The Family Upstairs(41)



We were not, it seemed, the first to discover the secret roof terrace. There was already a pair of scruffy plastic chairs up there, some dead plants in pots, a little table.

I could barely believe that my father did not know about this space. He always complained about having a north-facing garden, that he could not enjoy the evening sun. Yet up here was a private oasis which caught the sun all day long.

The tiny squares of paper that Phin had been given at Kensington Market the week before turned out to be comprised of four even smaller squares of paper joined together. Each tiny segment had a picture of a smiling face on it.

‘What if we have a bad trip?’ I asked, feeling unutterably foolish using such language.

‘We should just have half each,’ said Phin. ‘To start off with.’

I nodded effusively. I’d have preferred to take none at all. I really wasn’t that type of person. But it was Phin and I would, to use the parental cliché, have followed him off a cliff if he’d asked me to.

I watched him swallow down the tiny shred and then he watched as I did the same. The sky was watercolour blue. The sun was weak but up here, in this trap, it felt warm against our skin. We felt nothing for quite some time. We talked about what we could see: the people sitting in their gardens, the boats idling down the Thames, the view of the power station on the other side of the river. After half an hour or so I relaxed, thinking that the acid was clearly fake, that nothing was going to happen, that I’d got away with it. But then I felt my blood begin to warm beneath my skin; I glanced upwards into the sky and saw that it was filled with pulsing white veins that became luminous and multi-toned, like mother of pearl, the longer I stared at them. I realised that the sky was not blue at all but that it was a million different colours all conspiring together to create a pale blue and that the sky was conniving and lying, that the sky was in fact much cleverer than us and that maybe everything we considered to be insentient was in fact cleverer than us and laughing at us. I looked at the leaves in the trees and questioned their greenness. Are you really green? I asked myself. Or are you actually tiny little particles of purple and red and yellow and gold all having a party and laughing, laughing, laughing. I glanced at Phin. I said, ‘Is your skin really white?’

He looked at his skin. He said, ‘No. It’s …’ He looked at me and laughed out loud. ‘I have scales! Look! I have scales. And you!’ He pointed at me with great hilarity. ‘You have feathers! Oh God,’ he said, ‘what have we become? We’re creatures!’
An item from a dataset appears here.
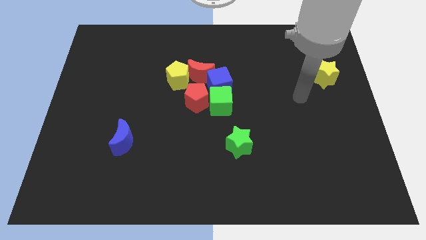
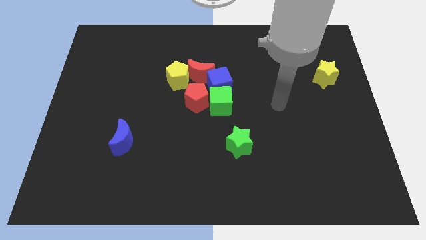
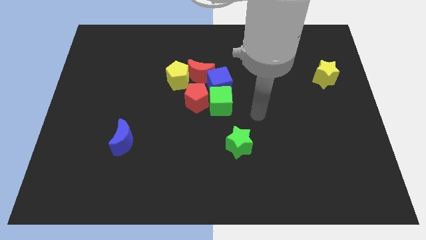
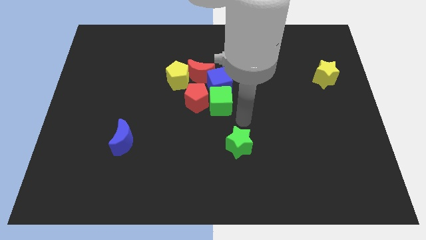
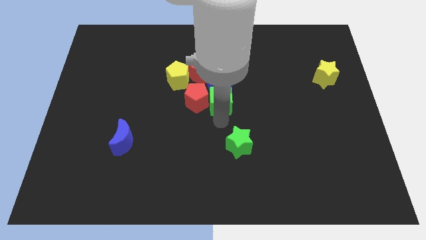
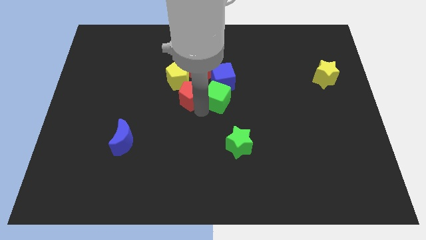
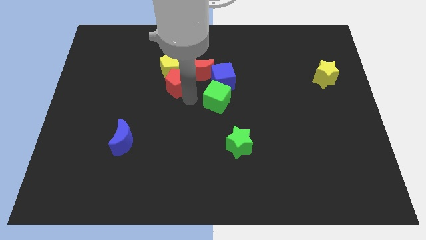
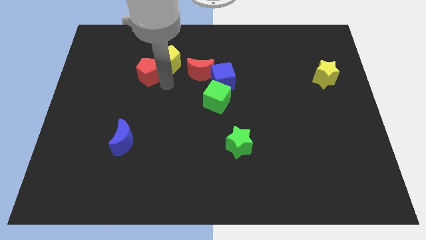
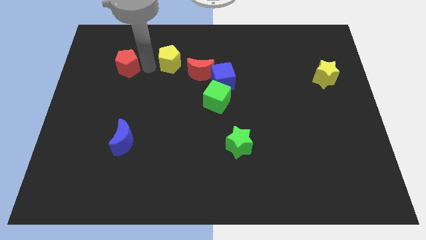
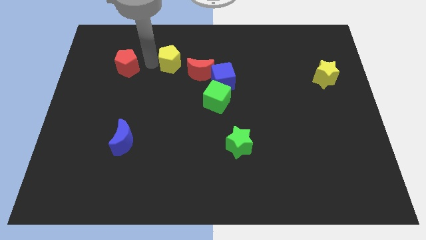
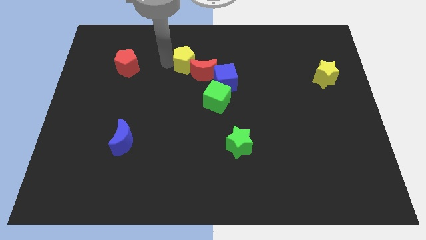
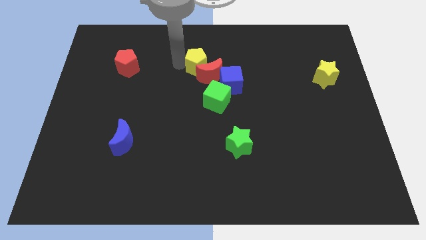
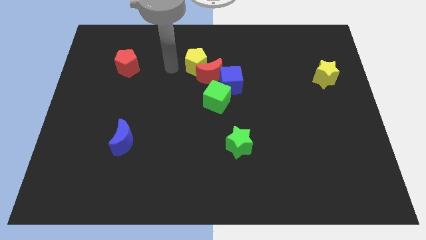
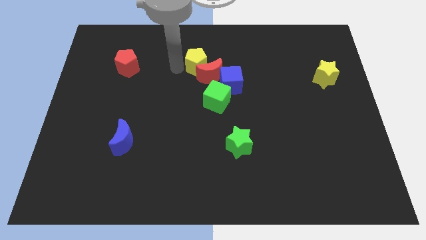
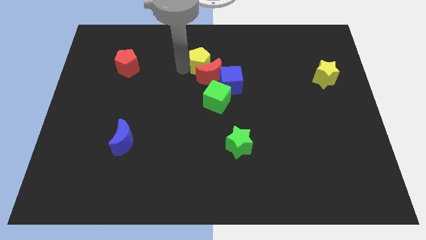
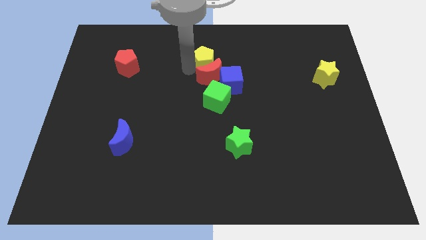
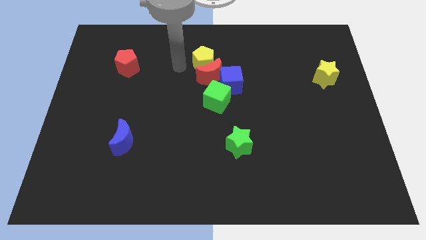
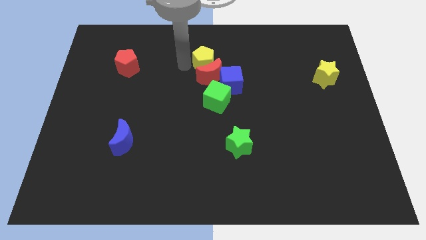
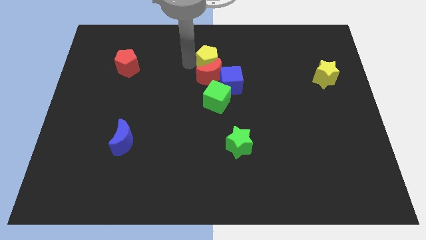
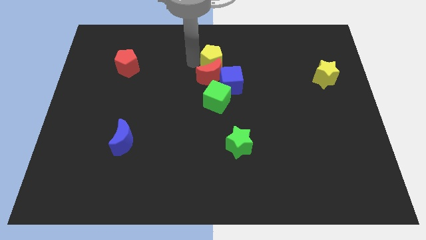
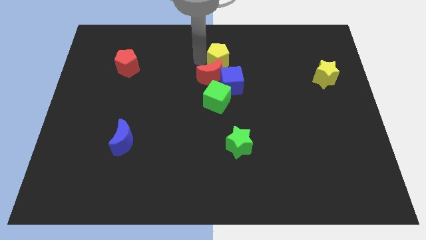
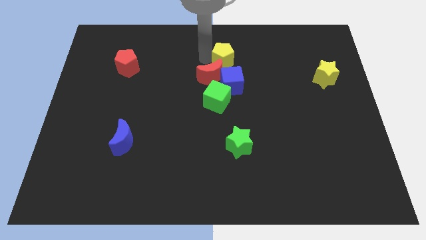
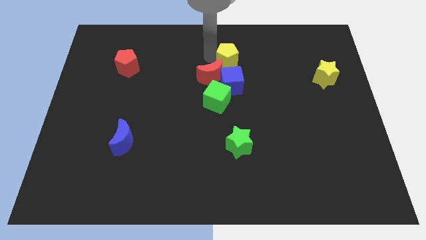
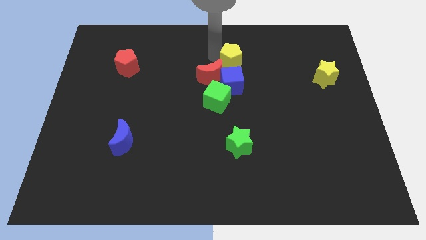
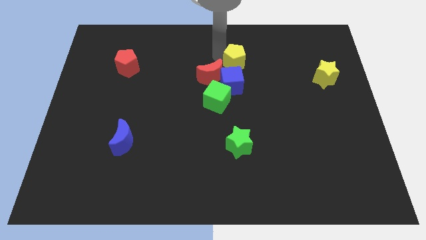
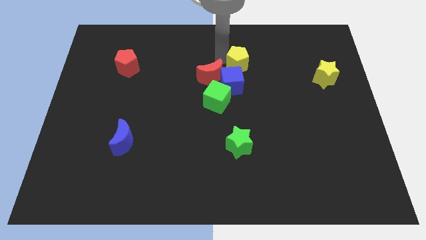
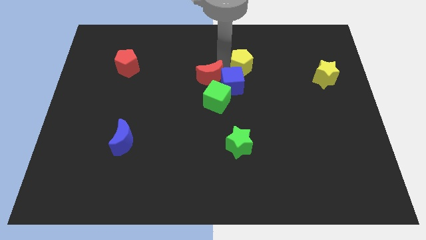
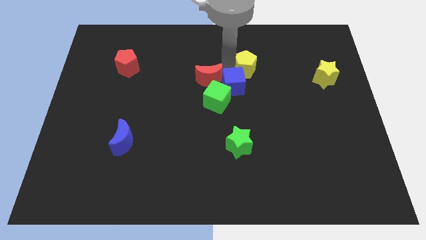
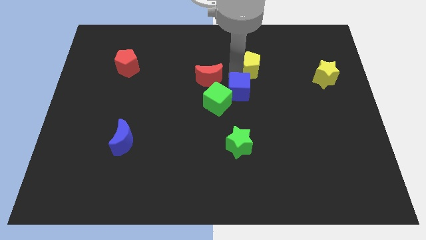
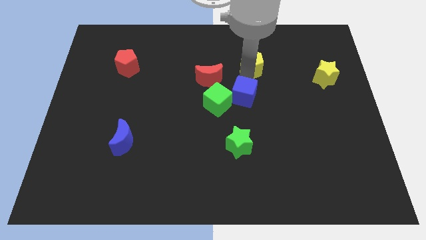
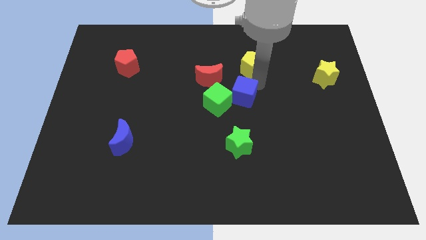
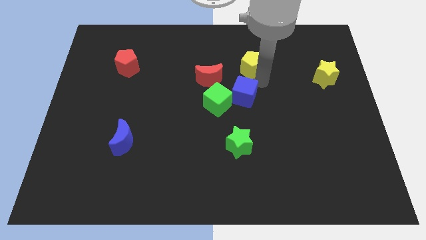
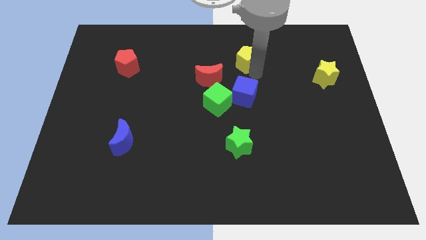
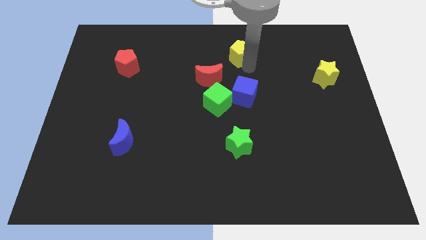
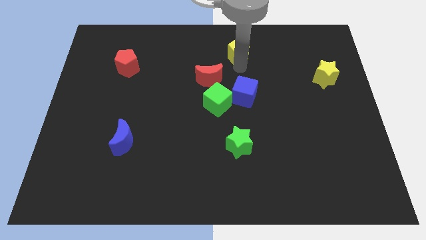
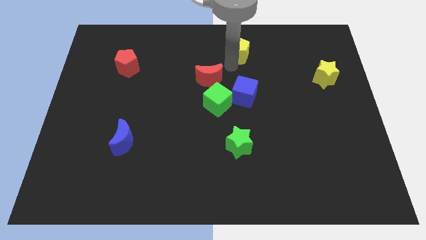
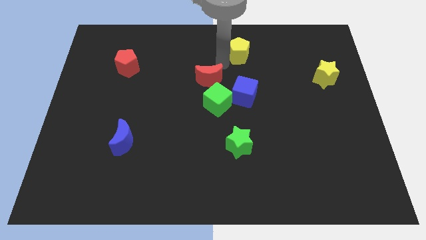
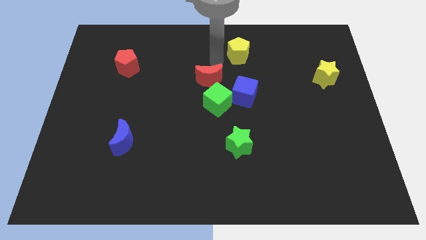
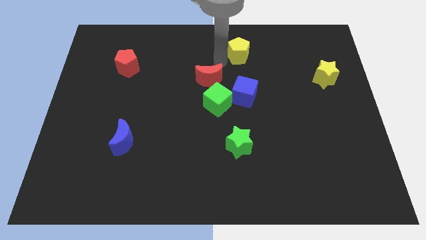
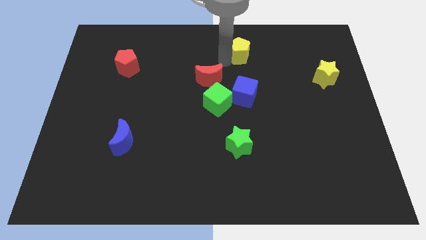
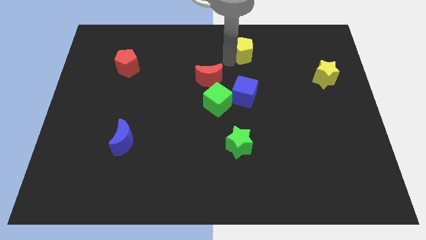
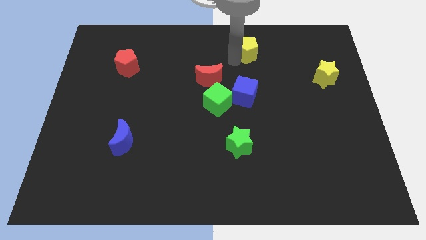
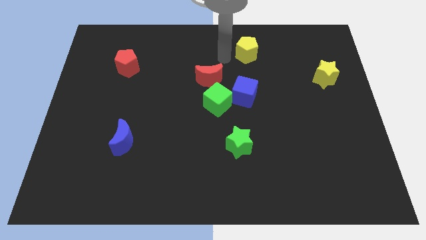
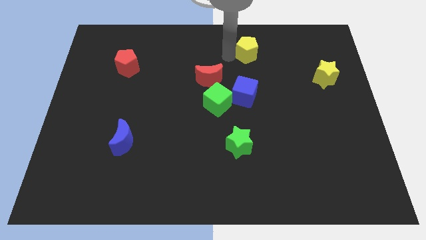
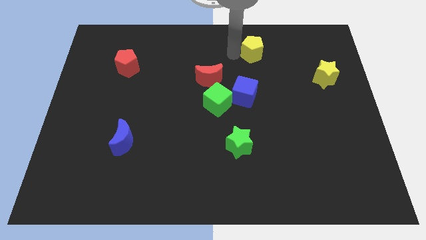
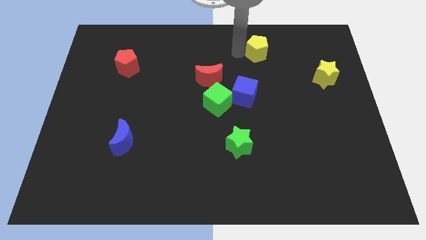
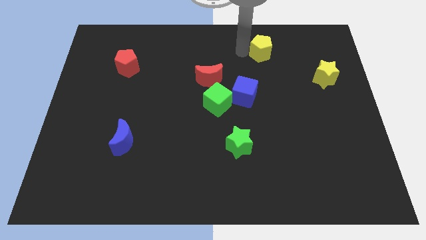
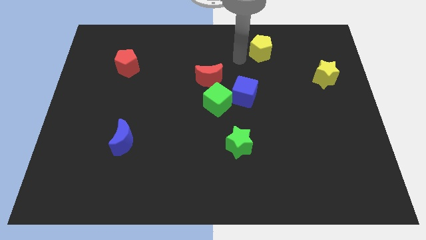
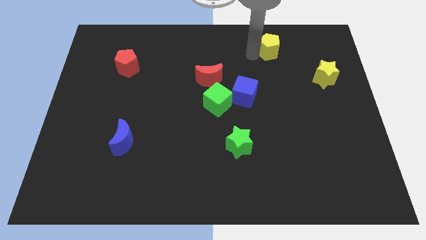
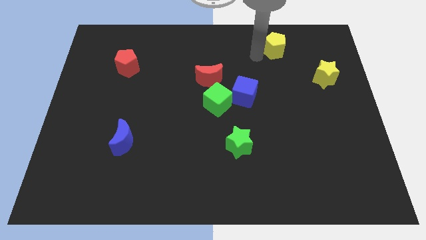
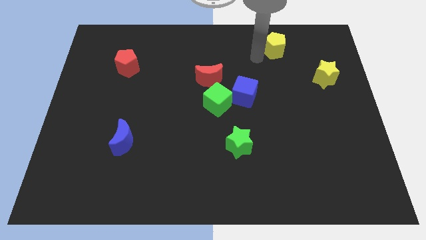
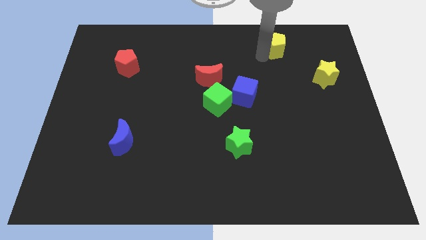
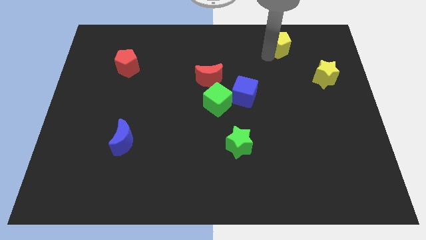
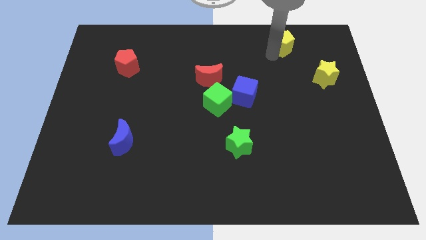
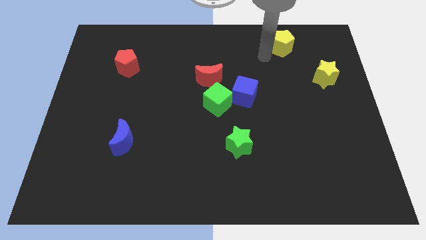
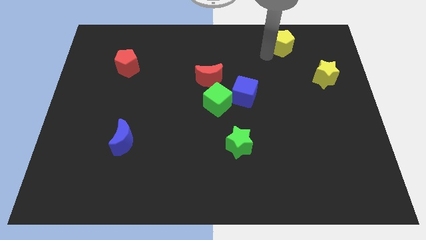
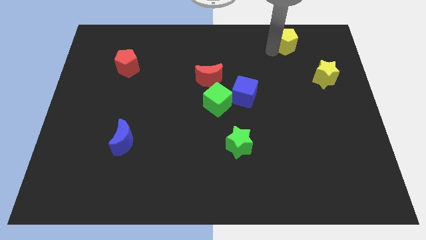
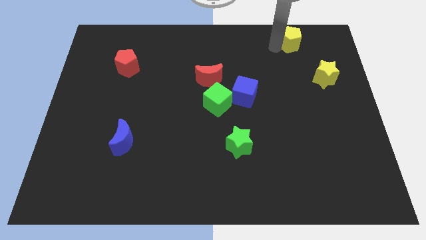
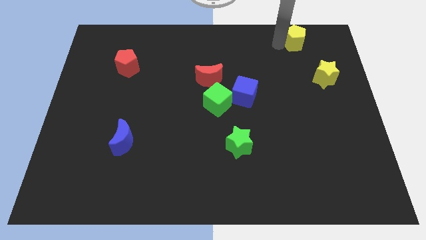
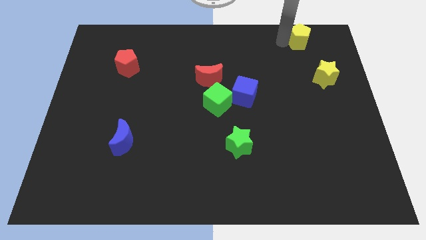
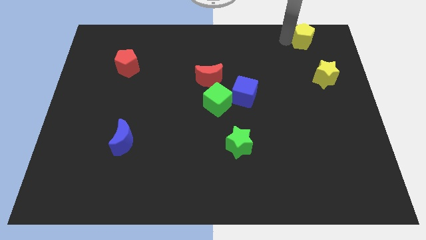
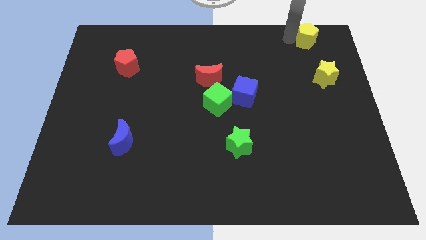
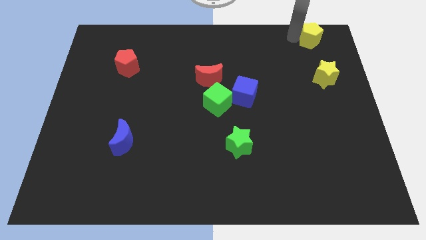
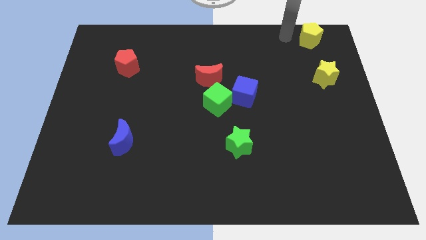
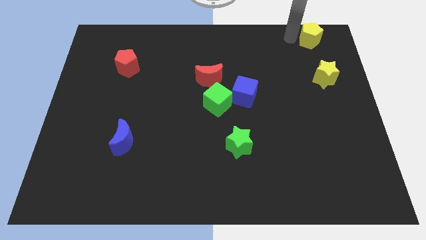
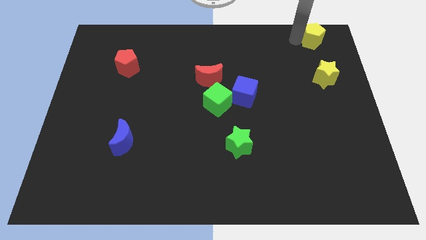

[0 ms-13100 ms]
slide the yellow pentagon to the upper right corner

We chased each other round the roof for a minute, making animal noises. I stroked my feathers. Phin unfurled his tongue. We both expressed shock and awe at the length of it. ‘You have the longest tongue I have ever seen.’

‘That’s because I am a lizard.’ He rolled it back in and then out again. I watched it keenly. And when it came out again, I leaned in and trapped it between my teeth.

‘Ow!’ said Phin, grabbing his tongue between his fingers and laughing at me.

‘Sorry!’ I said. ‘I’m just a stupid bird. I thought it was a worm.’

And then we stopped laughing and sat in the plastic deckchairs and stared, stared, stared into the whirling aurora borealis above and our hands hung down side by side, our knuckles brushing every now and then, and each time I felt Phin’s skin touch mine I felt as though his very being was penetrating my epidermis and bits of his essence were swirling into my essence, making a soup of me and him and it was too too tantalising, I needed to plug myself into him so that I could capture all of his essence and my fingers wrapped themselves around his fingers and he let me, he let me hold his hand, and I felt him pour into me like when we went on a canal boat once and the man opened the lock and we watched the water flow from one place to another.

‘There,’ I said, turning to look at Phin. ‘There. You and me. We’re the same person now.’

‘We are?’ said Phin, looking at me with wide eyes.

‘Yes, look.’ I pointed at our hands. ‘We’re the same.’

Phin nodded and we sat then for some time, I don’t know how long, it might have been five minutes, it might have been an hour, our hands held together, staring into the sky and lost in our own strange chemically induced reveries.

‘We’re not having a bad trip, are we?’ I said eventually.

‘No,’ said Phin. ‘We’re having a good trip.’

‘The best trip,’ I said.

‘Yes,’ he agreed. ‘The best trip.’

‘We should live up here,’ I said. ‘Bring our beds up here and live up here.’

‘We should. We should do that. Right now!’

We both leapt to our feet and jumped down through the trapdoor into the tunnel above the attic. I saw the walls of the tunnel throbbing, like the inside of a body; I felt we were in a throat, maybe, or an oesophagus. We almost fell through the trapdoor into the hallway, and suddenly it felt like we were in the wrong place, like in Doctor Who when he opens the door to the Tardis and doesn’t know where he is.

‘Where are we?’ I said.

‘We’re down,’ said Phin. ‘In down world.’

‘I want to go back up.’

‘Let’s get the pillows,’ said Phin. ‘Quick.’ He pulled me by the hand into his bedroom and we grabbed the pillows and we were about to climb back up into the tunnel when David appeared in front of us.